=== Problem details ===
If a line of the records contains the string "sans", copy it out.

Segment Start: Input for this task

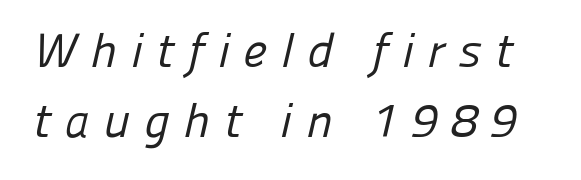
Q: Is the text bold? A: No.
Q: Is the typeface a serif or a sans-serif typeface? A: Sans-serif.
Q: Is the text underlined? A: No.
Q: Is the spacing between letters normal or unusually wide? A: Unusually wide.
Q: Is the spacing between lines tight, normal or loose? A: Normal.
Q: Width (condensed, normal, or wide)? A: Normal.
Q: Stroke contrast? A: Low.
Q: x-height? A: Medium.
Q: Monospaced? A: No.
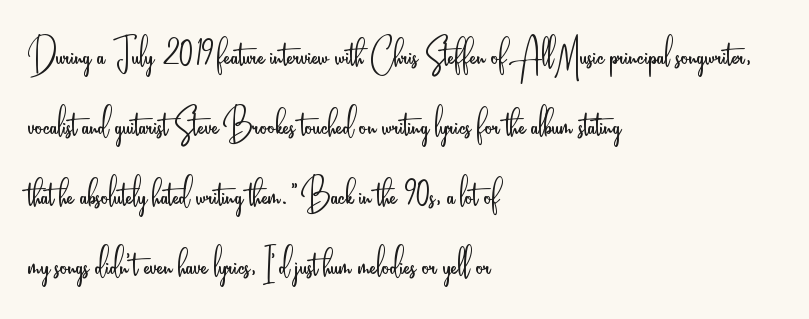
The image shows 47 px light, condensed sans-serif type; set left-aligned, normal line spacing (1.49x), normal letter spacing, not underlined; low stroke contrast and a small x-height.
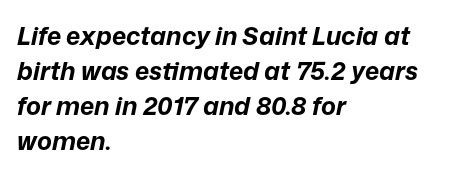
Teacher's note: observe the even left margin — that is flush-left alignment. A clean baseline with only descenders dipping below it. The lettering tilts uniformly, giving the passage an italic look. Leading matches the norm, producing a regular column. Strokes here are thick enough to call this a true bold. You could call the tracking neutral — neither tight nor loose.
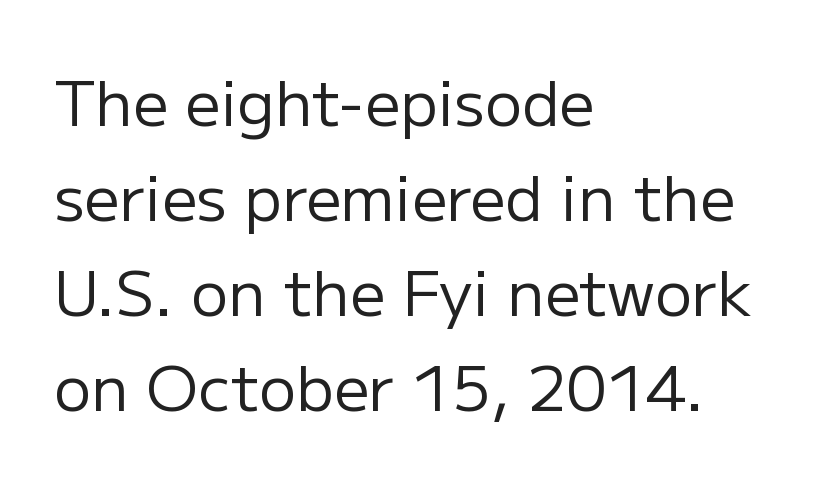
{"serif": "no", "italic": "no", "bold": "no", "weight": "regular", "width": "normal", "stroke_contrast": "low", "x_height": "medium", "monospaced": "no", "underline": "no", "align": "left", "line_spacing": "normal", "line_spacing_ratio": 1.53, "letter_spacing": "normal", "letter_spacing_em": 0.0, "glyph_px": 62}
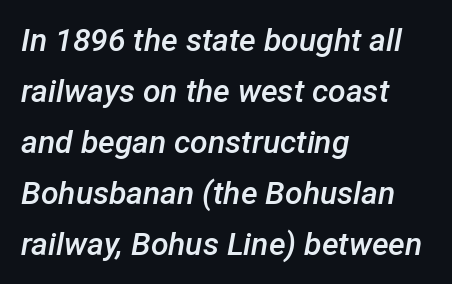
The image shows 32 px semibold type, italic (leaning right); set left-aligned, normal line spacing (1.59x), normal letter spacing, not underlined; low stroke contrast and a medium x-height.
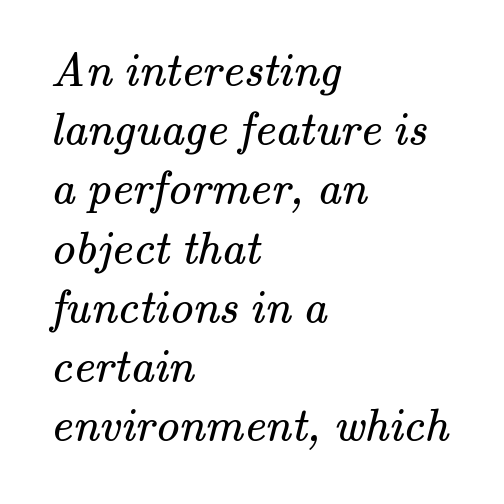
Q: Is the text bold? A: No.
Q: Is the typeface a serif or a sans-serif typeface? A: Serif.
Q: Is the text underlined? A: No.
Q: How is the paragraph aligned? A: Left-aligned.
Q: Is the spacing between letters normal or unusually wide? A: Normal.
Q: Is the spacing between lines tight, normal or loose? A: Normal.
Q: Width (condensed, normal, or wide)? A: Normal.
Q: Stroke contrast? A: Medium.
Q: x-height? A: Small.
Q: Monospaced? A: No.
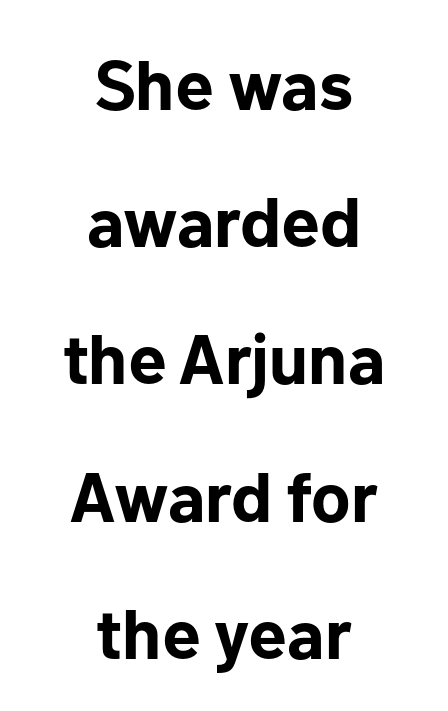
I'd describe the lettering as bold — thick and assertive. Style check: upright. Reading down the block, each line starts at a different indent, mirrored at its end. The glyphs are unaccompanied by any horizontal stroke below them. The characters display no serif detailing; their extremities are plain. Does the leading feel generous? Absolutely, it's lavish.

Segment End: Input for this task

=== Expected answer ===
Q: Is the typeface a serif or a sans-serif typeface? A: Sans-serif.
The image shows 47 px light, condensed sans-serif type; set left-aligned, normal line spacing (1.49x), normal letter spacing, not underlined; low stroke contrast and a small x-height.
Q: Is the typeface a serif or a sans-serif typeface? A: Serif.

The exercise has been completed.